Она осторожно переменила позу и принялась перечислять.

   — Кондор остался, Тележкин, Даклер (а чего ему сделается) … и Лаэрри. Есть ещё Этерна, но о ней ничего не известно.

   — И все?.. – Я невольно подалась вперёд, стискивая чашку. Пальцы заледенели. – Больше никого?..

   — О других не знаю. Надеюсь, остались…

Меня вдруг охватила злость. На себя, на Горислава, на Дэннера – что оставил раненого друга у этой проклятой Черты, на Нэйси и Алису, которые попёрлись неведомо куда… на Лесли, которая потащилась за ними. А больше всех – на себя.

   — Ясно… мы ведь поищем их, правда, Лидия? Мы ведь их найдём?

   — Ты чего?..

   — Это все я! Это я задержалась! Это я слишком медленно ехала, из-за меня они и сгорели! И Дэннера едва не сожрали!..

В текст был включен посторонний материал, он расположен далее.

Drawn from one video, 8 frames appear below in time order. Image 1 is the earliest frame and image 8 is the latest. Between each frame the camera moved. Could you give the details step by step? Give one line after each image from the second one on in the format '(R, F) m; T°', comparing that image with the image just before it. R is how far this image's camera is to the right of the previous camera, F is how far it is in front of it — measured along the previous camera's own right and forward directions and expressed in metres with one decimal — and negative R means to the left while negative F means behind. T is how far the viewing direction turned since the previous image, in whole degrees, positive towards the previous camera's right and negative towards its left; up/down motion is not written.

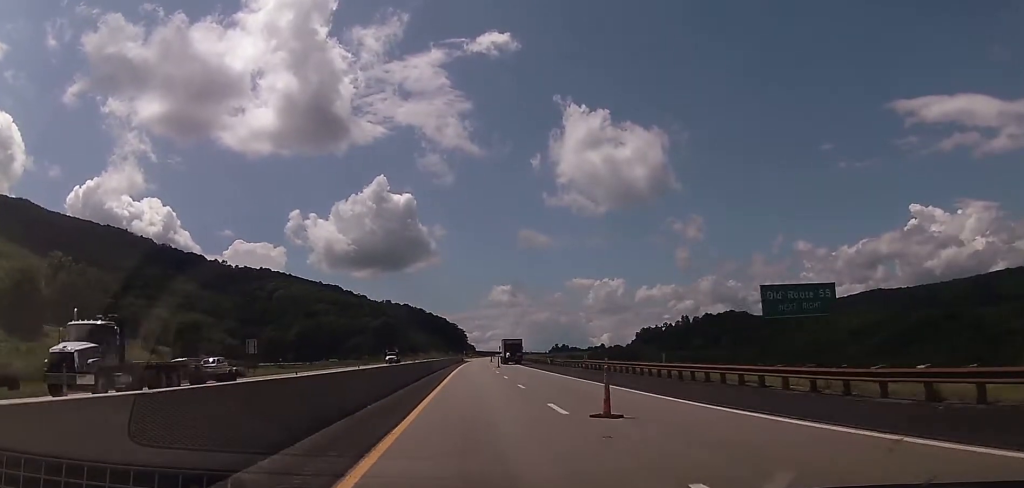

   — Да никто из нас не знал про Черту! – Лидия сжала моё плечо. – Нет у нас в Городе правых и виноватых! Нет!

   — Что?.. – Я настолько удивилась, что даже перестала на минутку истерить. – Как так – нет?..

Лидия сглотнула – ей, раненой, сделалось нехорошо.

   — Это жизнь наша. Как ты не понимаешь? Ты здесь новенькая, тебе тяжело привыкнуть ко всему этому, да? Да у нас постоянно кто-то умирает. Пойми, наконец: постоянно. И каждый раз думать, кто именно здесь промедлил, не успел, не доглядел – недолго свихнуться совсем.

 Да… – Она вдруг, коснувшись пальцами висков, горько усмехнулась. – Вы с Дэннером стоите друг друга. Он слишком много обвиняет себя, вот и съехал с катушек. И ты… ты такая же. Точно такая же… Не вини себя, Аретейни. Поверь, здесь – никтоне виноват. Никто из вас.

   — Я понимаю. – Зачем её мучить. – Но ты права – мне тяжело привыкнуть. Ты плохо себя чувствуешь?

   — Да нормально я… Аретейни…

   — Да?

   — Ничего… ты…

   — А ну-ка, ложись.

Звякнула об стол кружка, зашелестел шерстяной в клеточку плед.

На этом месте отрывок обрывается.